‘Shouldn’t have taken this long’: Alta. Olymel plant temporarily closed after worker dies from COVID-19

EDMONTON — The United Food and Commercial Workers union has confirmed that the Olymel plant in Red Deer has been temporarily shut down.

The move comes after 35-year-old Darwin Doloque, a worker at the plant died from COVID-19 on Jan. 28.

The plant is currently dealing with an outbreak. The president of United Food and Commercial Workers (UFCW) 401, Thomas Hesse said there have been 326 cases of coronavirus at the plant. There are still 192 active cases.  

The union been asking the government to implement protective restrictions on food processing plants similar to ones imposed on the general public.

“It’s been a fight in order to get Olymel to come to their senses. The world needs to see that this disease is an occupational disease. There’s 1,800 workers working side-by-side, and it’s a very troubling situation,” Hesse told CTV News on Monday night. “It’s a victory I suppose, to see the plant closed, but the fight is ongoing. It should have happened before, it shouldn’t have taken this long.”

Hesse said Doloque’s death is a tragedy.

“Our union is grieving. It’s very, very sad. It was a preventable, in our belief it was a preventable death.”

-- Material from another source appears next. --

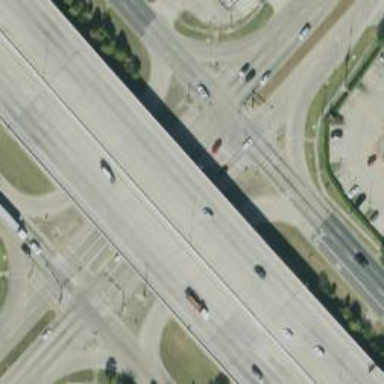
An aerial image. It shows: Frontage road connected to secondary link.

Alberta NDP leader Rachel Notley released a statement on the plant’s closure Monday night.

“I am glad the plant owners have finally listened to calls from the United Food and Commercial Workers (UFCW) and are shutting down the plant,” she wrote. “We have seen a memo from Alberta Health Services indicating one-in-five workers at the plant may be infected with COVID-19 already and all efforts must be made to stop further spread. I hope the Olymel plant remains closed until the safety of all workers there can be assured.”

“We also continue to monitor the situation closely at other plants, namely one run by Cargill in High River, which remains the site of the largest outbreak of COVID-19 in Canada since the pandemic began.”

About 1.850 people work at the plant. The union says about 60 per cent of them also have other jobs outside the plant.

The plant will wind down operations over the next few days, and the company will investigate the outbreak.